WHAT YOU WILL DO: Leaving out all pictures, reproduce the entries below exactly, from the first line through the line that contains "The image shows".

MATERIALS PROVIDED:

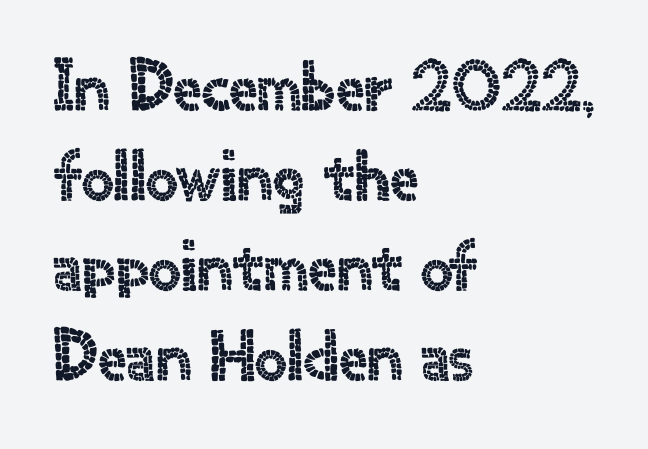
Q: Is the text italic (slanted)? A: No, it is upright.
Q: Is the typeface a serif or a sans-serif typeface? A: Sans-serif.
Q: Is the text underlined? A: No.
Q: How is the paragraph aligned? A: Left-aligned.
Q: Is the spacing between letters normal or unusually wide? A: Normal.
Q: Is the spacing between lines tight, normal or loose? A: Normal.
Q: Width (condensed, normal, or wide)? A: Normal.
Q: x-height? A: Small.
Q: Monospaced? A: No.
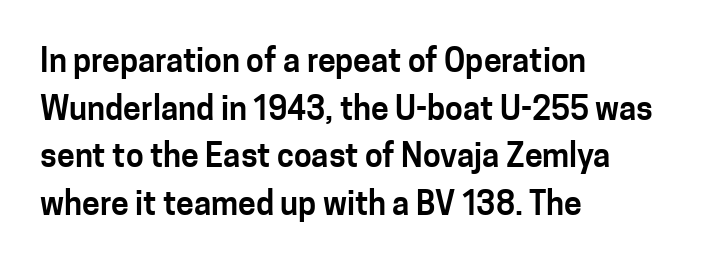
The image shows 32 px sans-serif type, upright; set left-aligned, normal line spacing (1.49x), normal letter spacing, not underlined; low stroke contrast and a medium x-height.
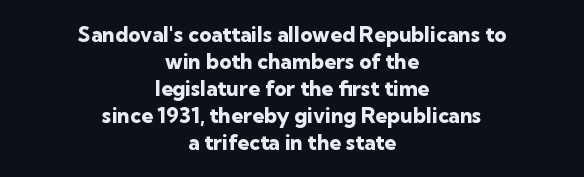
Whoever set this chose a conventional vertical rhythm. Anything drawn beneath the words? Only blank space. Students, this is bold: see how much ink each stroke carries. Italic? Not at all — the glyphs are vertical.
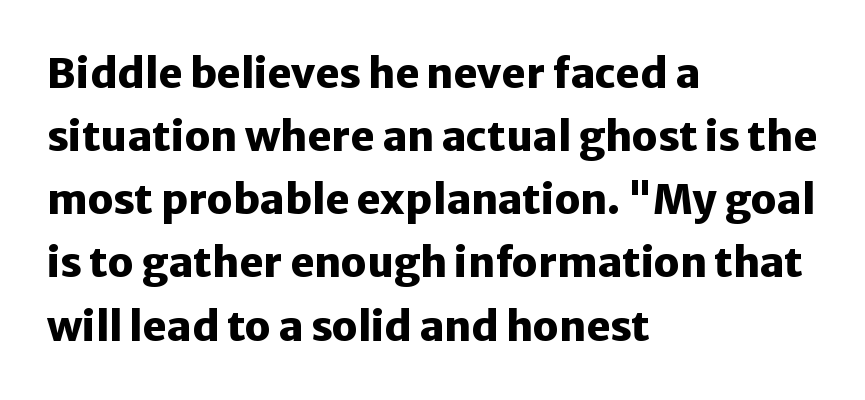
{"serif": "no", "italic": "no", "bold": "yes", "weight": "heavy", "width": "normal", "stroke_contrast": "low", "x_height": "medium", "monospaced": "no", "underline": "no", "align": "left", "line_spacing": "normal", "line_spacing_ratio": 1.54, "letter_spacing": "normal", "letter_spacing_em": 0.0, "glyph_px": 41}

TASK SOLUTION:
Q: Is the text italic (slanted)? A: No, it is upright.
Q: Is the typeface a serif or a sans-serif typeface? A: Sans-serif.
Q: Is the text underlined? A: No.
Q: How is the paragraph aligned? A: Left-aligned.
Q: Is the spacing between letters normal or unusually wide? A: Normal.
Q: Is the spacing between lines tight, normal or loose? A: Normal.
Q: Width (condensed, normal, or wide)? A: Normal.
Q: x-height? A: Small.
Q: Monospaced? A: No.
The image shows 32 px sans-serif type, upright; set left-aligned, normal line spacing (1.49x), normal letter spacing, not underlined; low stroke contrast and a medium x-height.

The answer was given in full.